ASSIGNMENT: Exclude the pictures, then restate every entry below exactly.

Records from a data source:
————————

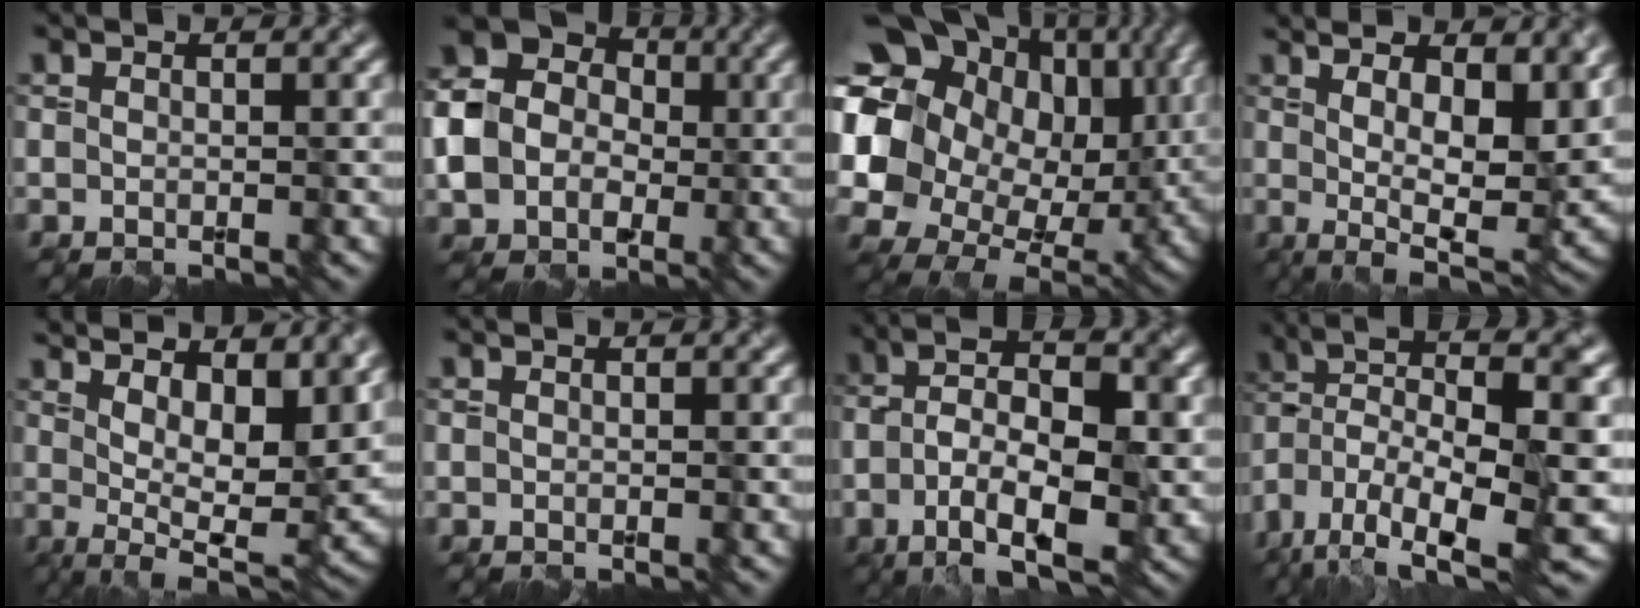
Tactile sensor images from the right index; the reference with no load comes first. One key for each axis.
{"total": 8.1, "fx": -0.6, "fy": 7.2, "fz": 3.8, "tx": -0.079, "ty": -0.001, "tz": -0.023}
{"total": 19.2, "fx": 5.0, "fy": 14.6, "fz": 11.3, "tx": -0.228, "ty": 0.030, "tz": 0.101}
{"total": 10.2, "fx": 2.8, "fy": 3.5, "fz": 9.1, "tx": -0.127, "ty": -0.003, "tz": 0.046}
{"total": 10.7, "fx": 4.4, "fy": 3.4, "fz": 9.1, "tx": -0.123, "ty": 0.005, "tz": 0.072}
{"total": 0.0}
{"total": 9.2, "fx": -2.4, "fy": 3.9, "fz": 8.0, "tx": -0.138, "ty": 0.007, "tz": -0.045}
{"total": 13.0, "fx": -4.4, "fy": 5.6, "fz": 10.9, "tx": -0.221, "ty": 0.004, "tz": -0.075}

————————

RESPONSE:
Tactile sensor images from the right index; the reference with no load comes first. One key for each axis.
{"total": 8.1, "fx": -0.6, "fy": 7.2, "fz": 3.8, "tx": -0.079, "ty": -0.001, "tz": -0.023}
{"total": 19.2, "fx": 5.0, "fy": 14.6, "fz": 11.3, "tx": -0.228, "ty": 0.030, "tz": 0.101}
{"total": 10.2, "fx": 2.8, "fy": 3.5, "fz": 9.1, "tx": -0.127, "ty": -0.003, "tz": 0.046}
{"total": 10.7, "fx": 4.4, "fy": 3.4, "fz": 9.1, "tx": -0.123, "ty": 0.005, "tz": 0.072}
{"total": 0.0}
{"total": 9.2, "fx": -2.4, "fy": 3.9, "fz": 8.0, "tx": -0.138, "ty": 0.007, "tz": -0.045}
{"total": 13.0, "fx": -4.4, "fy": 5.6, "fz": 10.9, "tx": -0.221, "ty": 0.004, "tz": -0.075}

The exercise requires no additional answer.